Are you concerned about your beautiful vintage suitcase that you’re totally and completely and utterly in love with getting dinged up while traveling for the holidays? Because I am. So, I decided to make a suitcase cozy to keep it protected! Here I’ve written up a simple tutorial (with no measuring required!) so you can do the same!
Fleece. The amount you need will depend upon the size of the suitcase that you are covering. It should be several inches wider than the width of the suitcase and should be long enough that it will wrap all the way around with several inches to spare. It is possible to use other fabrics but I highly recommend fleece because it does not unravel and is quite easy to sew with.
Snaps. I used 7 snap sets, but again, this will depend upon how large your suitcase it.
Snap setter. You want to use quality snaps and snap setter. I’ve been very happy with what I’ve bought from SnapSource.
To sew this case out of fleece, you will want to use a stretch stitch on your sewing machine. It is a much sturdier stitch than a normal straight stitch (I use it on any thick fabric that will take a lot of abuse like denim jeans or a canvas bag). It’s doubly important to use in this instance because fleece has stretch to it and you don’t want your seams busting from stretch in the fabric.
1) Start by sewing up one of the sides, stopping the seam several inches short of the top. I used a big piece of yellow fleece in my stash that had lived a previous life covering a headboard.
2) Pull the cozy onto the suitcase so that your seam goes up one of the sides.
3) Pin the fabric along the top of the suitcase. In my case I barely had enough fabric to meet at the top but it will be easier if you have a couple inches of fabric ease (it will get trimmed later).
4) Pull the fabric taught across the width of the suitcase and pinch it at the unsewn edge. Snip the fabric an inch away from the edge of the suitcase. This will give you ½” seam allowance with ½” ease.
5) Undo all your pins and sew up your other side seam with a ½” seam allowance, again leaving several inches of unsewn fabric at the end of the seam. These unsewn parts will remain in the finished cozy so that it can easily pull on and off the suitcase. You do not need to worry about finishing the edges as fleece will not unravel.
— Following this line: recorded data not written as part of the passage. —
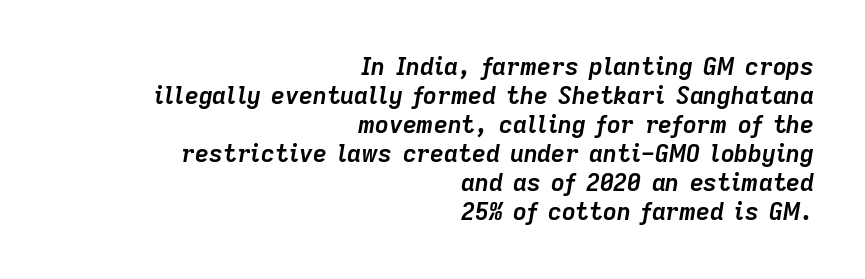
Q: Is the text bold? A: Yes.
Q: Is the text italic (slanted)? A: Yes, it leans right by about 9 degrees.
Q: Is the text underlined? A: No.
Q: How is the paragraph aligned? A: Right-aligned.
Q: Is the spacing between letters normal or unusually wide? A: Normal.
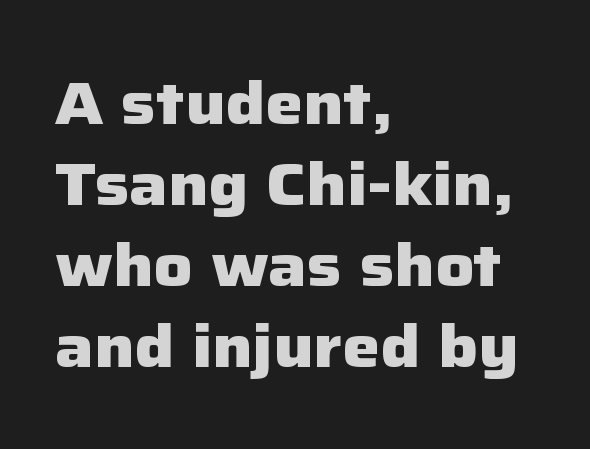
Here the glyphs are tracked normally, forming tight word shapes. These lines sit exactly where default settings would place them. Notice how the stems are strictly vertical — no italics here. This sample has the flowing, uneven cadence of proportional lettering.
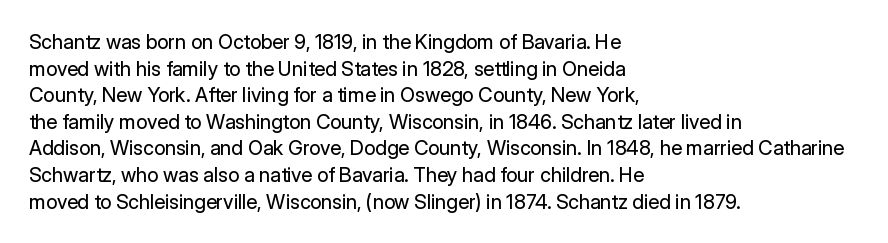
The image shows 20 px text type, upright; set left-aligned, normal line spacing (1.33x), normal letter spacing, not underlined.
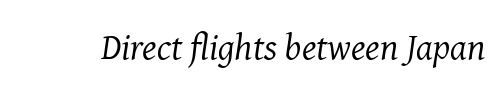
The image shows 37 px regular-weight serif type, italic (leaning right); set normal letter spacing, not underlined; medium stroke contrast and a medium x-height.
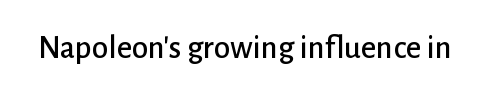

6) Pull the cozy on. You’ll notice that the bottom corners leave ugly flaps. Pin them up. Tack the tops down to where you have pinned them. You can do this by stitching forward a few stitches with a straight stitch, reversing a few stitches, and sewing forward over the stitches again. If you make the tack using your stretch stitch, it might jam up your machine to sew back and forth since it’s already effectively a doubled stitch.
7) Pull the cozy on and trim the top of the cozy so that it just meets across the top of the suitcase. Pull off the cozy. Cut two strips of fabric that are 4” wide and the length of the open seam across the top of the suitcase. Fold them in half long-wise. Pin them to the right sides of the open part of the cozy and sew the long seam with a ½” seam allowance.
8) When you pull on the cozy, it should now fit nicely with the two doubled strips of fabric easily overlapping a bit. Now, it’s time to add the snaps! The number of snaps you use will depend upon how large your suitcase is. I recommend at least one snap to go in the middle of the case and one directly oneither side of the handle. From there, put a snap every few inches. I used 7 on my large suitcase. Mark along one strip with pins or chalk where you want your snaps to go.
9) If you’re familiar with setting snaps then do your thing and skip to the next step. If you want a walkthrough of snap setting, keep reading. Setting snaps is very easy if you have quality snaps and a snap setter tool. Make sure that your snap size matches the size of your tool.
— Start by placing the capped prong ring through the top of the fabric where you want it to go. Make sure that you have a bit of space between the edge of the fabric and the placement of the snap. I leave at least 3/8”. Double-check that you have the capped prong ring poking through the correct side of the fabric – it should be visible on the top of the right side of the fabric.
— Place the snap top-side down in the snap setter.
–Place the middle of the tool on, making sure that the snap top is still gripping the fabric and is centered in the correct location in the tool. Place the stud in the hole, prong pointing up.
–Place the top of the snap setter on and gently hammer the snap together. Repeat for as many snaps as you would like set along the length of one strip.
11) Now you will set snaps along the length of the other strip to match the first strip. I find it easiest to lay the two strips next to each other and place pins or chalk along the length of the second strip at the points where the snaps are on the first strip. This way you don’t have to measure and it doesn’t matter if your snaps aren’t perfectly evenly distributed. Remember, fleece is pretty forgiving so you don’t have to be exact. For the second strip you will use the open prong ring and socket.
11) Put your cozy on and rest easy on your next flight because your bag is well protected!